Guriev et al. (2021) note the instrument is stronger in countries with below median GDP “because providers in these countries typically have fewer resources to protect equipment from being damaged—for instance, by using power-surge protection technology—or to repair it in case of damage.” Let’s think about where the key factor determining whether mobile technology or broadband is in a place is going to be the prevalence of lightning strikes – it is not going to be in large prosperous cities with vibrant markets and productive economies, where it will always be worth the cost of installing and protecting such infrastructure. Instead, this instrument seems like it will at best be relevant for explaining electrical infrastructure roll-out into the poorest, least dynamic, least prosperous places. This matters for what sort of LATE we can hope to identify from such an IV – it won’t be telling us the effect of mobile technology on the places where it has the highest profits or where the political pressure for installing it is the greatest – but instead will tell us impacts for much more marginal places.

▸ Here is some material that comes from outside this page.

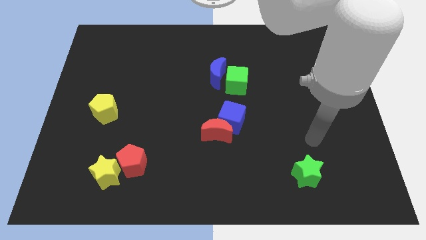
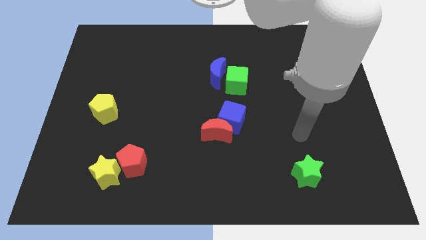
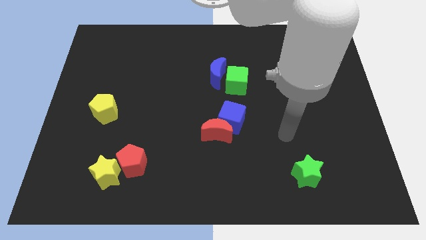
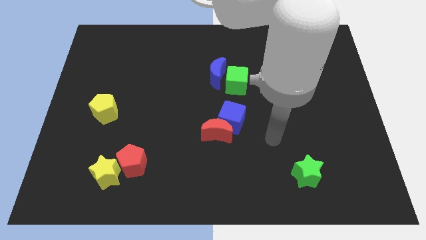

So if you are going to use such an instrument, it seems important to discuss in a lot more detail where the identification is coming from, and what one could hope to learn from the LATE. Most of the papers I glanced through do not do this, although a notable exception is Guriev et al. (2021). In discussing the difference with OLS, they note the issue of what LATE identifies as “It is probable that the population of the complier regions is particularly affected by political messages on social media. This may be because the ability to get power-surge protection when needed is positively correlated with the overall level of development in the region, which, in turn, is correlated with how informed the regional population is. Therefore, one could expect the population in the complier regions to be relatively less informed, making them more receptive to new political information compared with the residents of noncomplier regions”.
Inference: finally note that lightning strike densities are unlikely to be distributed i.i.d. but instead are likely to be spatially correlated – and so standard errors which treat these as independent shocks will overstate precision. Spatial errors or a Borusyak and Hull re-centering approach might be needed to calculate correct standard errors.